So much is changing, on every level, everywhere, and we all say will it ever be normal again, and we sigh and long for it to change BACK.
So when you long for Normal, remember, normal can be boring, though it also sometimes can be comforting. Normal can be depressing, but sometimes normal can be restful. Normal can be frustrating. Normal can make you want something different. Normal can make you long for it when suddenly it is drastically taken away.
Recently I had a dream and in the dream I was in a meeting moving amidst the people and I was suddenly aware that I had a brand new baby and the baby was lying on my chest in one of those sling carriers that holds it tight to your body. So the baby had her head almost where she could hear my heartbeat and at first I was a little disturbed, what am I going do with a new baby, but as I moved throughout the meeting I became aware with surprise that this baby was like a part of my body, right over my heart and the baby never cried or demanded attention, but just was a part of me as I moved through the people. And I became overwhelmed with love for this baby and as I moved through the meeting, I began to stroke the baby’s head and was overwhelmed with tenderness and the love that I know only God can give. When I woke up, the love was so powerful that it stayed with me all through that day.

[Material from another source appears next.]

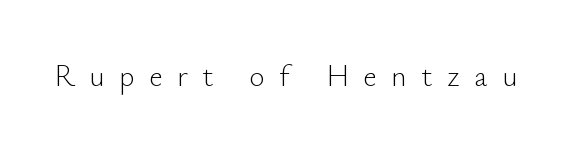
The image shows 30 px light sans-serif type, upright; set unusually wide letter spacing (+0.48 em), not underlined; low stroke contrast and a small x-height.

As I pondered this dream I realized that although this new life was definitely different from my normal structure and way of doing things, it seemed to be a wonderful new life for which I was filled with love, and I learned as I went about to accept this amazing and unprecedented new treasure now a part of my normal.
And the Lord says, Treasure this coming new life, this new normal, and receive it with joy. When death is battering down the door it’s hard to recognize the new, often so opposite from our other life, especially while death is continuing to wear us down. But resist death and let in the new life, embrace it, and love it. Because Holy Spirit is hovering and birthing just as He overshadowed Mary– and look at the Life that was born that changed the world.
So tenderly embrace and love that new life, focus on it and give it all of yourself, letting the past normal go. The past is no longer new. And we didn’t necessarily like it anyway, but at least it was familiar. But whatever God births in your life is the new best, the new wonderful, the new anointed, the new zeal. And in renewed faith, as you give it all of your attention and love, you and that precious new life will grow and become your future, your fulfillment, your passion, and your New Supernatural Normal.
But new normal doesn’t feel like normal, we cry. That’s why we must not long for past normal but in letting it go, look to the new normal, the new breath, the new wind that sweeps all away. And soon we will see the past as grave clothes and we will realize the ability to rejoice in their passing away. We will see the new wind as it revives, reforms, transforms, births and ushers in a new glimpse of glory.
The New Supernatural Normal will reveal glory upon glory and joy will be our food, our Supernatural manna, our food of Glory. The past is over. Look up with joy and expectation, for Glory is in the winds of God, blowing fresh upon us.
Mourning has endured for the night, but joy is breaking forth with the breaking of the new day. Lord, take off the dark glasses of grief and acclimate our eyes to the brilliance of the full day. The brilliant full day is our NEW SUPERNATURAL NORMAL! Throw your arms open wide to EMBRACE what God is doing now, so much more wonderful than ever before. Fill your lungs with NEW WIND! Fill your heart with NEW JOY! Rejoice that the past is gone, and behold, HE TRULY DOES DO A NEW THING! HALLELUJAH!!!!